RACE (Remote Applications in Challenging Environments) was founded in 2014 as part of the UK Atomic Energy Authority (UKAEA) fusion research and development programme - to create robots for operating in some of the most challenging environments imaginable.

UKAEA’s wider mission is to lead the commercial development of fusion power and related technology, and position the UK as a leader in sustainable energy.

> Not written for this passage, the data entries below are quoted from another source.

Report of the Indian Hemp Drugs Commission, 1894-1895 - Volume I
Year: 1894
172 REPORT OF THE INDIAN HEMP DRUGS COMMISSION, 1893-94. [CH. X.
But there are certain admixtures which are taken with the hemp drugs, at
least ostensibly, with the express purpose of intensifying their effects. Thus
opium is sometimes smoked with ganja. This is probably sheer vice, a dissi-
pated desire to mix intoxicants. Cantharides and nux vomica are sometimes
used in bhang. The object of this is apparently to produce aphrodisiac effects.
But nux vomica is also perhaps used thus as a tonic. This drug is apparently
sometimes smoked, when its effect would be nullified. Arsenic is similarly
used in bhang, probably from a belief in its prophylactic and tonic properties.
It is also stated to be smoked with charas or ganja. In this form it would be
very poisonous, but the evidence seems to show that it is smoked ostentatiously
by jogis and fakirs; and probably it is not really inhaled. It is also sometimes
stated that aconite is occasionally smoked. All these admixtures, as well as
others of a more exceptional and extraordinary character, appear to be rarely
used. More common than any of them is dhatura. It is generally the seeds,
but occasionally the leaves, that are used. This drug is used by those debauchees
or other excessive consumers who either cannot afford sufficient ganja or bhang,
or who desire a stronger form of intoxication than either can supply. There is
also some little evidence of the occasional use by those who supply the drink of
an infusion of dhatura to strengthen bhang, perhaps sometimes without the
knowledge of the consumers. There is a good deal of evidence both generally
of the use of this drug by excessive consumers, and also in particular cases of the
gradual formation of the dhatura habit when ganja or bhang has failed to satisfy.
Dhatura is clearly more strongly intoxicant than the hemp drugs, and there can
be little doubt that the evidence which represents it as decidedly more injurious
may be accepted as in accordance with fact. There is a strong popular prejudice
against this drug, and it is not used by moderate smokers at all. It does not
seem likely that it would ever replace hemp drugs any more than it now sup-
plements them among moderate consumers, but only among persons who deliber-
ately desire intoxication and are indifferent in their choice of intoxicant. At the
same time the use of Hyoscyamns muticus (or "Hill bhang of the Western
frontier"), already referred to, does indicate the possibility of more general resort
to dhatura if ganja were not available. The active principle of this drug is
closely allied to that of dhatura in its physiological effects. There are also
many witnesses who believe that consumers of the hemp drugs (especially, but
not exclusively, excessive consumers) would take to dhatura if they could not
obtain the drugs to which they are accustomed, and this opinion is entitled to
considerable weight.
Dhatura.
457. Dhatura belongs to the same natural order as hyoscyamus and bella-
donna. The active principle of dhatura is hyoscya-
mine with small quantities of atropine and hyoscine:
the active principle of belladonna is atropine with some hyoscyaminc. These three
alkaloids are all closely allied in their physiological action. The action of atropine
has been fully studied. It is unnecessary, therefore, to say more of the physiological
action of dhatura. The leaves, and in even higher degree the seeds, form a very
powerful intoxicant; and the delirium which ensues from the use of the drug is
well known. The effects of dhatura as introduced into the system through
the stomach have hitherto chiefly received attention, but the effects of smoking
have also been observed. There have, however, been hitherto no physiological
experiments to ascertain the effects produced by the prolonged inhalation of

Based at Culham Campus near Oxford and at a new technology facility in South Yorkshire, UKAEA runs the UK’s fusion research programme and operated the Joint European Torus (JET) fusion experiment on behalf of scientists from 28 European countries, until its closure in 2023. Now UKAEA is responsible for decommissioning JET.

UKAEA is expanding its technology capabilities, to ensure the UK remains at the forefront of fusion research and development - providing key research support for the UK’s own future fusion powerplant - STEP Fusion.

Academic Criteria

Candidates should hold or expect to gain a first-class degree or a good 2.1 (or their equivalent) in Engineering or a related subject.

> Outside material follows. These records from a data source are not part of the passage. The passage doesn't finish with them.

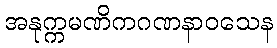
အနုက္ကမဏိကဂဏနာဝသေန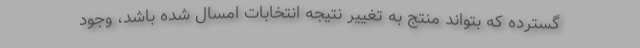
گسترده که بتواند منتج به تغییر نتیجه انتخابات امسال شده باشد، وجود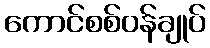
ကောင်စစ်ဝန်ချုပ်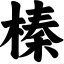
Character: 榛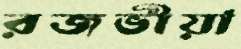
রজভীয়া

Desirable skills include robotics, Deep Learning, programming in Python, mechatronics, and related.

Applicants whose first language is not English will be required to demonstrate proficiency in the English language (IELTS 6.5 or equivalent)

Contact for further information

Please contact Dr Ze Ji (jiz1@cardiff.ac.uk) to informally discuss this opportunity

How to apply

Applicants should submit an application for postgraduate study via the Cardiff University webpages (http://www.cardiff.ac.uk/study/postgraduate/research/programmes/programme/engineering) including;

• an upload of your CV
• a personal statement/covering letter
• two references (applicants are recommended to have a third academic referee, if the two academic referees are within the same department/school)
• Current academic transcripts

Applicants should select Doctor of Philosophy (Engineering), with a start date October 2026.

In the research proposal section of your application, please specify the project title and supervisors of this project and copy the project description in the text box provided. In the funding section, please select "I will be applying for a scholarship / grant" and specify that you are applying for advertised funding, reference ZJ RACE 26

Deadline for applications

30th June 2026. We may however close this opportunity earlier if a suitable candidate is identified.

Funding Notes

Tuition fees at the Home rate are covered by the University (£5,006 in 2025/6) and an annual stipend equivalent to current Research Council rates is provided (£20,780 stipend for academic year 2025/6)

Eligibility Full funding is currently available to Home applicants only on a 3 years full time basis.